■ What is being asked: The entries below are to be written out exactly, with no images included.

***** Excerpted data *****

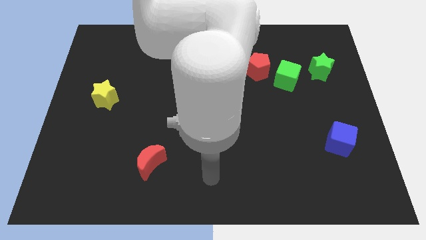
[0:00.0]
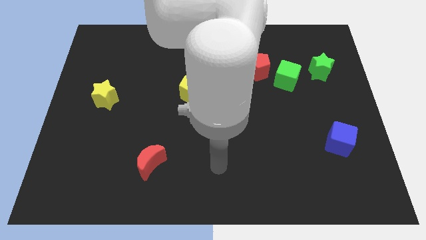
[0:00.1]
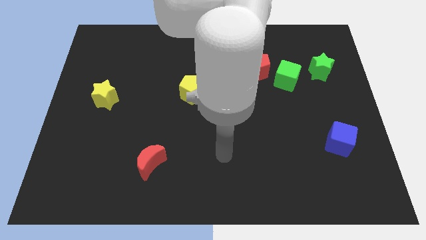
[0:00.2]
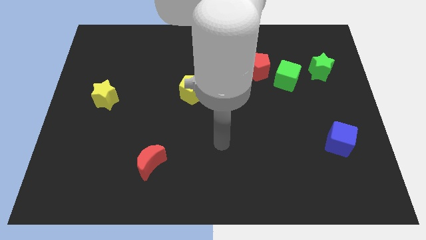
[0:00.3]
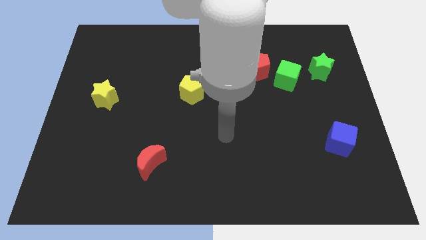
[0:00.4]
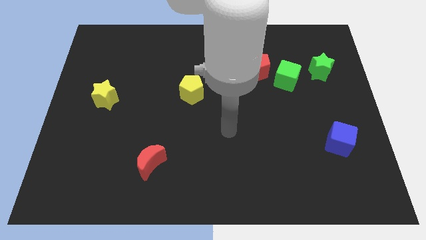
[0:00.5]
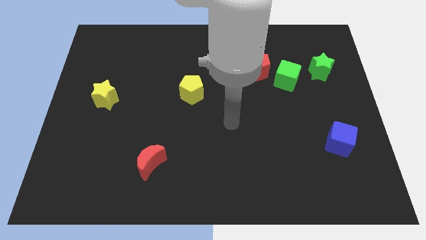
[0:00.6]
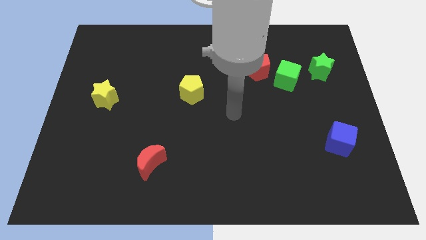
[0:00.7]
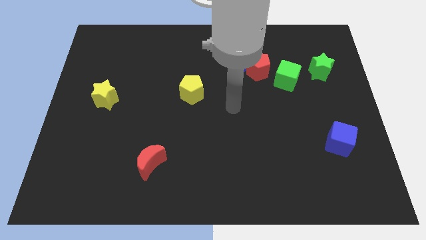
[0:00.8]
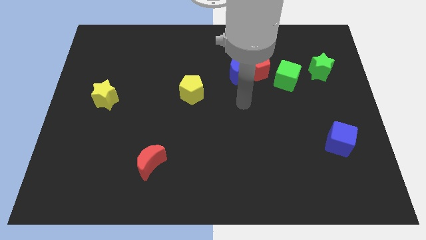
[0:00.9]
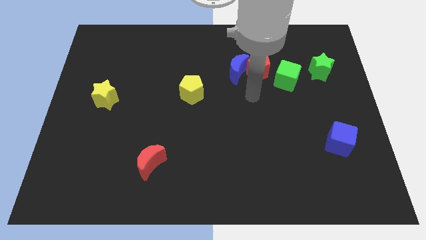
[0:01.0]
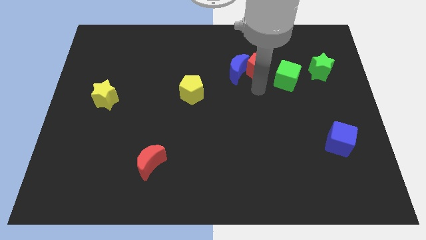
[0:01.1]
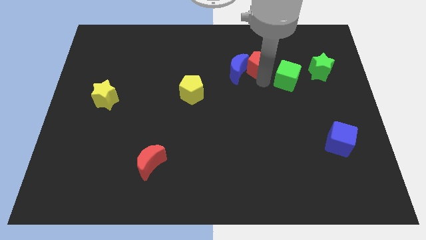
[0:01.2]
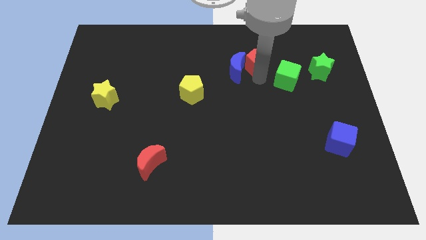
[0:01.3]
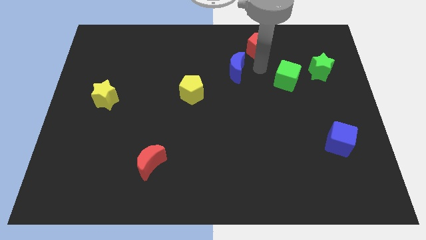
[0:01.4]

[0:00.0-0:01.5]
separate the blue moon from the red pentagon

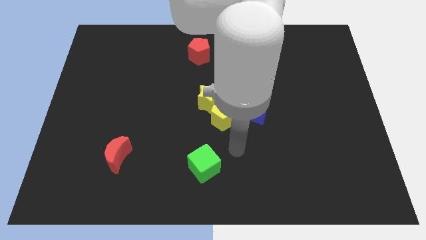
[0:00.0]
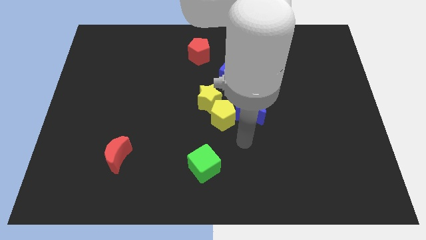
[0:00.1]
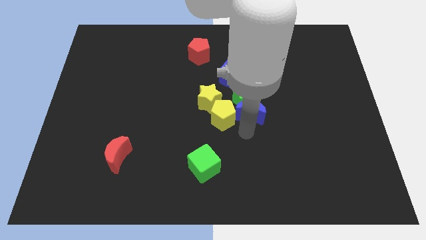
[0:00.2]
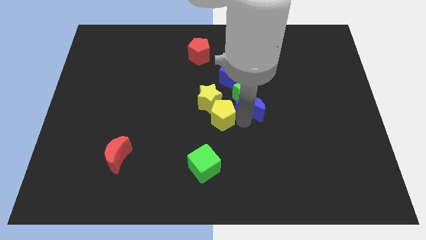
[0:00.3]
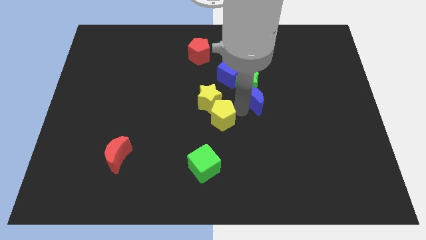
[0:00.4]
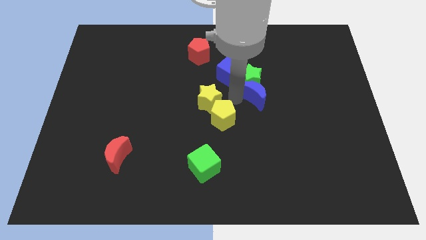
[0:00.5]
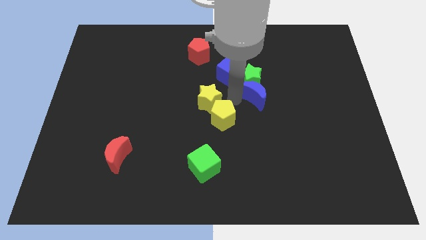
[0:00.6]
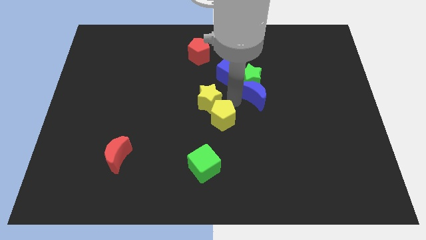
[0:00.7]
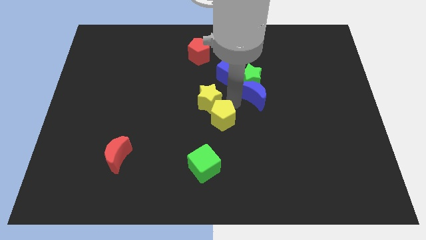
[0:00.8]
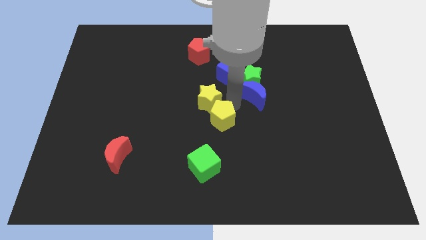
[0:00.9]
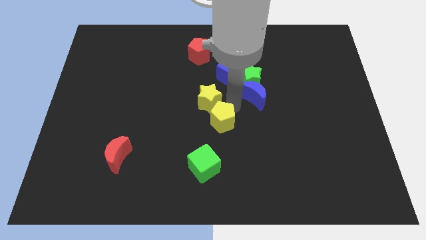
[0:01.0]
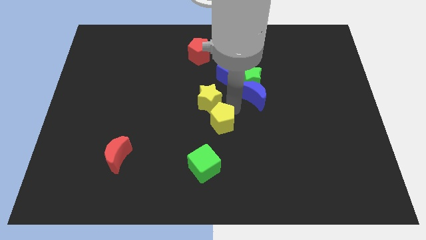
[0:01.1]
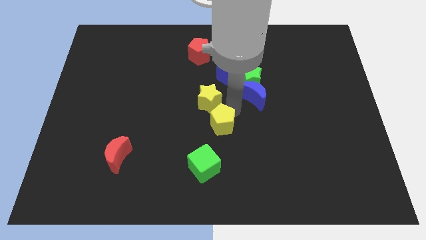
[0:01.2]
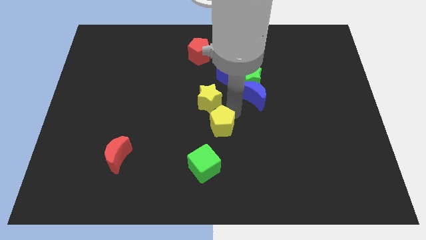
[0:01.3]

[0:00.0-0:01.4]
pull the yellow pentagon apart from the clump

*****

■ Response below:
[0:00.0]
[0:00.1]
[0:00.2]
[0:00.3]
[0:00.4]
[0:00.5]
[0:00.6]
[0:00.7]
[0:00.8]
[0:00.9]
[0:01.0]
[0:01.1]
[0:01.2]
[0:01.3]
[0:01.4]

[0:00.0-0:01.5]
separate the blue moon from the red pentagon

[0:00.0]
[0:00.1]
[0:00.2]
[0:00.3]
[0:00.4]
[0:00.5]
[0:00.6]
[0:00.7]
[0:00.8]
[0:00.9]
[0:01.0]
[0:01.1]
[0:01.2]
[0:01.3]

[0:00.0-0:01.4]
pull the yellow pentagon apart from the clump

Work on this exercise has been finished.